EXERCISE GOAL: Below this line is a set of entries; quote exactly the lines from the line that contains "Please say which" to the line that contains "Which 3-D box holds the window at (398, 435), as", both lines included.

──────── EXCERPTED RECORDS ────────

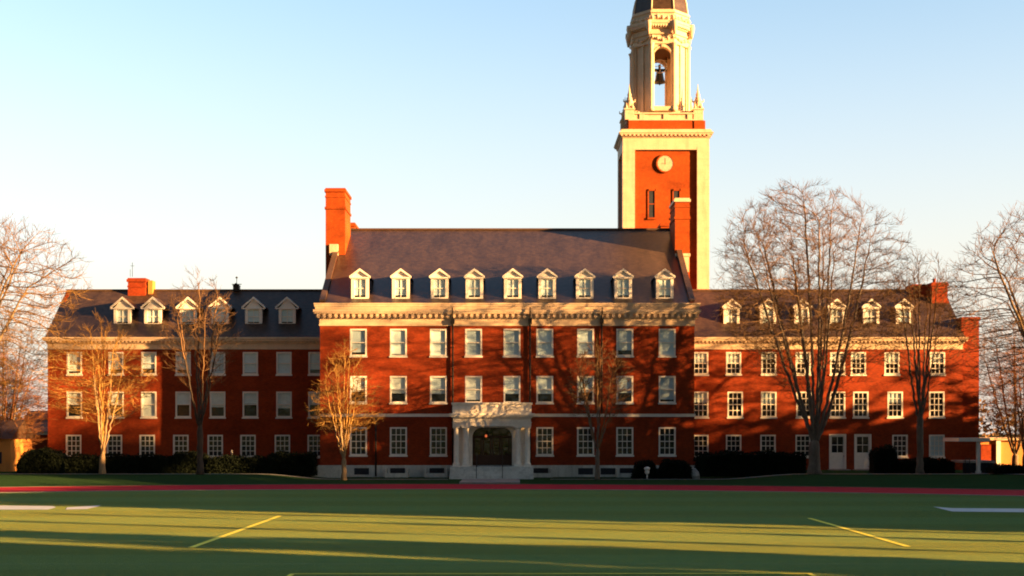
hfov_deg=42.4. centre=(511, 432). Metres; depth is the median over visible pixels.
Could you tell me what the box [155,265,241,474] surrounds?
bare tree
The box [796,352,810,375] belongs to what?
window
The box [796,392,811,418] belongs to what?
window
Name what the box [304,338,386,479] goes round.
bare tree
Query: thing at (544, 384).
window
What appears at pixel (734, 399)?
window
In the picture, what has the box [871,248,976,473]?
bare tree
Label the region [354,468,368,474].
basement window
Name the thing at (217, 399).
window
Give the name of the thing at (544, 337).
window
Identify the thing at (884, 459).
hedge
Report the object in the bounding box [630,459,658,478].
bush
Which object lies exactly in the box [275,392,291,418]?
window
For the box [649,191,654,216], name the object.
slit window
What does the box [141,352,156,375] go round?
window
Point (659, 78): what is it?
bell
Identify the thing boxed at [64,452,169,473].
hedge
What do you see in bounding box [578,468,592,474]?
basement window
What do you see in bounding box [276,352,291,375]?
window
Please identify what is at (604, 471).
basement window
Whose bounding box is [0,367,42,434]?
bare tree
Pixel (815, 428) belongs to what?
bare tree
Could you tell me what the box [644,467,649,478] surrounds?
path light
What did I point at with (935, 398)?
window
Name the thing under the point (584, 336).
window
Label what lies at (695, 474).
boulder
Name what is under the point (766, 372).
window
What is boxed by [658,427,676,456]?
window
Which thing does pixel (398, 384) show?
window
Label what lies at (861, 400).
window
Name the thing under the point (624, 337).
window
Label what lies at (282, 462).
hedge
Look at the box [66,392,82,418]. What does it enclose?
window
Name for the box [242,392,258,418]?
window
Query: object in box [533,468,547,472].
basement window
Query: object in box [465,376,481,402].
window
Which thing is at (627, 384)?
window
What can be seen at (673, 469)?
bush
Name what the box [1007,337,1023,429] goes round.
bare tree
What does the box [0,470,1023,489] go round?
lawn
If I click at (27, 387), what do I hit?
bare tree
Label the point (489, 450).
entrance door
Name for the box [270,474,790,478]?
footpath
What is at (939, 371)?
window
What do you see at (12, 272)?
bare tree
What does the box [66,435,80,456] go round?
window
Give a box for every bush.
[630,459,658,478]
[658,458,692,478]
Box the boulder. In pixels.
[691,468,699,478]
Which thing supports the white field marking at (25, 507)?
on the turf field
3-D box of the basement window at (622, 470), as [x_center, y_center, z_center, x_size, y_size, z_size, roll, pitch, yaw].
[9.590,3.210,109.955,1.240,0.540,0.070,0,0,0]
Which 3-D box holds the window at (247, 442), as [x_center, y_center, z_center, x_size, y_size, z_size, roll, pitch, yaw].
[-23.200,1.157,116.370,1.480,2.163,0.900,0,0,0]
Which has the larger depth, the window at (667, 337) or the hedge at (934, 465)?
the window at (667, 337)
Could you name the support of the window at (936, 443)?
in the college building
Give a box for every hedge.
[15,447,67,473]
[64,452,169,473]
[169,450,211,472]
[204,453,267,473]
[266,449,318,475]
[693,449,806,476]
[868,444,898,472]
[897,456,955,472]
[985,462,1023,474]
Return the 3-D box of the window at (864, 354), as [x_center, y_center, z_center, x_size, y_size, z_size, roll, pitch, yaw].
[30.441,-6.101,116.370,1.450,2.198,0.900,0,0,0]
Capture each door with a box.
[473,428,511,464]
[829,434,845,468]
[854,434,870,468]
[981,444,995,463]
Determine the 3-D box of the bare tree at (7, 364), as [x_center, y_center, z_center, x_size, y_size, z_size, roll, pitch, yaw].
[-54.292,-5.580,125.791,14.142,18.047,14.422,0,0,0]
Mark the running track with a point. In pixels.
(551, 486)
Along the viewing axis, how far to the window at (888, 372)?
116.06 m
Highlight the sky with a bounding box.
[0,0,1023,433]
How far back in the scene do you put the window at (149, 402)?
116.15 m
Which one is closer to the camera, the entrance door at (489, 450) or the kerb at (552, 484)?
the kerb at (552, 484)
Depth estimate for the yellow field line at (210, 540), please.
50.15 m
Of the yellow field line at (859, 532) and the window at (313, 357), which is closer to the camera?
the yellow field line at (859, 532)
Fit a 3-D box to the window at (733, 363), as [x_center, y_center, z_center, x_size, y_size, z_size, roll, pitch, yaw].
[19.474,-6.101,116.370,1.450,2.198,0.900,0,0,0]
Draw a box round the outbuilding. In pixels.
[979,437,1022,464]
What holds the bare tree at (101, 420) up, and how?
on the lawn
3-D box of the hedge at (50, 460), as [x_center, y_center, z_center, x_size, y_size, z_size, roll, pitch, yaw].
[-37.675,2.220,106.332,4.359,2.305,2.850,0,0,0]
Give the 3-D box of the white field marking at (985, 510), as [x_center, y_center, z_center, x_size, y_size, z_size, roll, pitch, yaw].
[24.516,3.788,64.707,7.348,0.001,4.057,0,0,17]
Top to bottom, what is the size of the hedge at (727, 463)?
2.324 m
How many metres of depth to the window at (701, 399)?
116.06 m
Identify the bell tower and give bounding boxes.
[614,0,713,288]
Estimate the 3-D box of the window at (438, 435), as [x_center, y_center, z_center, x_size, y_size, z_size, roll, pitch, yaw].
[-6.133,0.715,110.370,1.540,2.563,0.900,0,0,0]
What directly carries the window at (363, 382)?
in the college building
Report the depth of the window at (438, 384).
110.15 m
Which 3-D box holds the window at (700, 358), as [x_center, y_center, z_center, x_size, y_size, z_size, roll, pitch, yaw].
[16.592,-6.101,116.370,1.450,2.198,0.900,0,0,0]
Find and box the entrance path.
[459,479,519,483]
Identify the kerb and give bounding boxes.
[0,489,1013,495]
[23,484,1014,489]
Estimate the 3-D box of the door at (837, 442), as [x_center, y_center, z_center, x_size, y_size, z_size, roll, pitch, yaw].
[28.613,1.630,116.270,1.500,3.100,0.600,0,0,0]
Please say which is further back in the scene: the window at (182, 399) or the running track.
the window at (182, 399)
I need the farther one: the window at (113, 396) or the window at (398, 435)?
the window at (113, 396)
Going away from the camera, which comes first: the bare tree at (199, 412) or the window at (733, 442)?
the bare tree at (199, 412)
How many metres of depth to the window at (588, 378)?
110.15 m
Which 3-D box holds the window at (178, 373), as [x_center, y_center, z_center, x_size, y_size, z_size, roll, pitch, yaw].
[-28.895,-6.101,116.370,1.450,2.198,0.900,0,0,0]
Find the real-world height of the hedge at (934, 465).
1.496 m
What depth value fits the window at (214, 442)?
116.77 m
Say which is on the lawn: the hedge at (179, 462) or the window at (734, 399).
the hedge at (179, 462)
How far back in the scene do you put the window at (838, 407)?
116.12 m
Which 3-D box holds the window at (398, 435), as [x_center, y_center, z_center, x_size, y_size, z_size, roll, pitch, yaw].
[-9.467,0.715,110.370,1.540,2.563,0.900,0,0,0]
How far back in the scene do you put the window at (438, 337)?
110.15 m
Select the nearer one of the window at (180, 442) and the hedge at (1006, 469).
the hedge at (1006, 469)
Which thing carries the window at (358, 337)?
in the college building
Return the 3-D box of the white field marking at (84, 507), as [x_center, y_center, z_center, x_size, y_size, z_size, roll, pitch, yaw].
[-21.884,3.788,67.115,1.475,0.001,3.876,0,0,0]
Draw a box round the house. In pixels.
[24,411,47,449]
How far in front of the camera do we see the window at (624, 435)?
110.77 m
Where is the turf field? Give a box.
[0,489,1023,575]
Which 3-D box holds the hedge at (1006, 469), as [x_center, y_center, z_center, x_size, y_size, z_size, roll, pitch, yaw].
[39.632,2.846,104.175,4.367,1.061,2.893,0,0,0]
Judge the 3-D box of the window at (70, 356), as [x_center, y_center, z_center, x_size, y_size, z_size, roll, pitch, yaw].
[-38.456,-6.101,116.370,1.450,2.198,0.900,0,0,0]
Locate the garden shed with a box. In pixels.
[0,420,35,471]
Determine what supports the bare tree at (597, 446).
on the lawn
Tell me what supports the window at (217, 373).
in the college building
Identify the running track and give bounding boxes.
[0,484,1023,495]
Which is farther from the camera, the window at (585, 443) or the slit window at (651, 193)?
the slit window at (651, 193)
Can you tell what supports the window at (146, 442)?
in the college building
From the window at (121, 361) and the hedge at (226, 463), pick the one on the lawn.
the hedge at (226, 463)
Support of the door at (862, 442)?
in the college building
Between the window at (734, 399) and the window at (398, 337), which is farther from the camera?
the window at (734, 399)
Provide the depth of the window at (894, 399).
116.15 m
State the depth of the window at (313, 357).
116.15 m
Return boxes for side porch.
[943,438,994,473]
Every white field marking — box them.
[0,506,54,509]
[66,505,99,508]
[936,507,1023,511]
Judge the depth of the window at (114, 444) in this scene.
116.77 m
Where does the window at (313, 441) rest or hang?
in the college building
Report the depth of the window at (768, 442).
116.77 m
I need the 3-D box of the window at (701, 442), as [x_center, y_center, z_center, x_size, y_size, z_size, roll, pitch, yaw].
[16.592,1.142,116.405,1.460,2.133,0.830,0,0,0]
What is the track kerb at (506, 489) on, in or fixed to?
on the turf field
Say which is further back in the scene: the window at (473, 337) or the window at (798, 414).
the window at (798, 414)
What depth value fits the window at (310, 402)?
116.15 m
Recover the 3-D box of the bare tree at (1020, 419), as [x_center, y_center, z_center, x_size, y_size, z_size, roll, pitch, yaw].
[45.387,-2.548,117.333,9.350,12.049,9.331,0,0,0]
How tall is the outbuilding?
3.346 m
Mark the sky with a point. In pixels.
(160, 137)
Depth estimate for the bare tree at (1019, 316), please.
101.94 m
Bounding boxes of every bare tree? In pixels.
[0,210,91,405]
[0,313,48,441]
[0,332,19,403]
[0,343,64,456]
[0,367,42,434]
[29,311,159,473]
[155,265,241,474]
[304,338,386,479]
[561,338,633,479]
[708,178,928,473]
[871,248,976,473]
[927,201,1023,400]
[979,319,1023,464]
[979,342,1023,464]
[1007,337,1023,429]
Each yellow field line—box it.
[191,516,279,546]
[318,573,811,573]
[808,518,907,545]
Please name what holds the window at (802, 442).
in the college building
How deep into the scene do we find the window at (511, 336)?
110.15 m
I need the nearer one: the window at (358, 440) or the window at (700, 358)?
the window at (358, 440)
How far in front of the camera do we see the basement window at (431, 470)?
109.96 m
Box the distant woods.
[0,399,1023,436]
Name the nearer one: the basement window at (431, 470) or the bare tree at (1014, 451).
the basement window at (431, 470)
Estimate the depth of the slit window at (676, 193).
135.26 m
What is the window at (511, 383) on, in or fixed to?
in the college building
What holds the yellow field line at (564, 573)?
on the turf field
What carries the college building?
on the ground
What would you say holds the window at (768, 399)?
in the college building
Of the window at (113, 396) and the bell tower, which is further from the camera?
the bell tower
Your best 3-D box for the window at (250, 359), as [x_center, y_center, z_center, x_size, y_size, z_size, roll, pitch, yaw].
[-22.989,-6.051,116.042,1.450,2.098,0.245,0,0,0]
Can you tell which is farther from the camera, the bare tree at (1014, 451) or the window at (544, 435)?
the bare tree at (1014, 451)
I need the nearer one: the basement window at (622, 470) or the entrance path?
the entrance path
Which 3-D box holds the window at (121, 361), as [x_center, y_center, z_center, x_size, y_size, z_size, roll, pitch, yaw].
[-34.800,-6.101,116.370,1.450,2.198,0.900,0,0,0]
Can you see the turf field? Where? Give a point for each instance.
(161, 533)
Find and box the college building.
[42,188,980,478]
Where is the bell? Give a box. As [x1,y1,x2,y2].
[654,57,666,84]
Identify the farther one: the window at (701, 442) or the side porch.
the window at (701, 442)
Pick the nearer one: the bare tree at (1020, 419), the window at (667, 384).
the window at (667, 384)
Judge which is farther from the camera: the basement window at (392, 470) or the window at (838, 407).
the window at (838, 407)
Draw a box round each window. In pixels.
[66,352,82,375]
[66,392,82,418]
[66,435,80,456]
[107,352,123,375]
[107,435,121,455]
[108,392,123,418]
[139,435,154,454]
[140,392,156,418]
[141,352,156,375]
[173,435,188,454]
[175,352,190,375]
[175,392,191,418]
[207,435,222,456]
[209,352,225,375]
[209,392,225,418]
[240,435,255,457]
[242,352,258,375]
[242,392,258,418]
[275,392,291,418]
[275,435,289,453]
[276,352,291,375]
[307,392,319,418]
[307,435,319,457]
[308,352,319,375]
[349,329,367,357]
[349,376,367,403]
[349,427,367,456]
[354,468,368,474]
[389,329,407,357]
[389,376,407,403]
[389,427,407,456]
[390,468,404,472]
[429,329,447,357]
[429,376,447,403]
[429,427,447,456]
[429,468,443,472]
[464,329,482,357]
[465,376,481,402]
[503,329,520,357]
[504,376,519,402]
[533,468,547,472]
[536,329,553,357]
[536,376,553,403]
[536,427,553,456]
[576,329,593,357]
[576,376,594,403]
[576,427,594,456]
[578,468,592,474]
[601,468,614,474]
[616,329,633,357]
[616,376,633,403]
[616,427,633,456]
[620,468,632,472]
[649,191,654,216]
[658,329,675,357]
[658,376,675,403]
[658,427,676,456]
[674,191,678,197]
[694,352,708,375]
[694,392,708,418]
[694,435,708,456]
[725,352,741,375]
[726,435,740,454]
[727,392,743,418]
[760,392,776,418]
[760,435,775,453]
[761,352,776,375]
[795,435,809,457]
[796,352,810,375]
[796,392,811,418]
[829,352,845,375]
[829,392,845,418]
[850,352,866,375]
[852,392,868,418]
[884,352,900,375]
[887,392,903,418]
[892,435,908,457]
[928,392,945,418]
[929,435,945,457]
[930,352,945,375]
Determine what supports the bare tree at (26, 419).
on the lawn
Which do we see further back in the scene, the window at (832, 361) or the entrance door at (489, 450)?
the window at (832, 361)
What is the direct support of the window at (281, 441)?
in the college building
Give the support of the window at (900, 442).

────────

YOUR SOLUTION:
Please say which is further back in the scene: the window at (182, 399) or the running track.
the window at (182, 399)
I need the farther one: the window at (113, 396) or the window at (398, 435)?
the window at (113, 396)
Going away from the camera, which comes first: the bare tree at (199, 412) or the window at (733, 442)?
the bare tree at (199, 412)
How many metres of depth to the window at (588, 378)?
110.15 m
Which 3-D box holds the window at (178, 373), as [x_center, y_center, z_center, x_size, y_size, z_size, roll, pitch, yaw].
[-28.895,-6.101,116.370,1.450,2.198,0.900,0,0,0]
Find the real-world height of the hedge at (934, 465).
1.496 m
What depth value fits the window at (214, 442)?
116.77 m
Say which is on the lawn: the hedge at (179, 462) or the window at (734, 399).
the hedge at (179, 462)
How far back in the scene do you put the window at (838, 407)?
116.12 m
Which 3-D box holds the window at (398, 435), as [x_center, y_center, z_center, x_size, y_size, z_size, roll, pitch, yaw].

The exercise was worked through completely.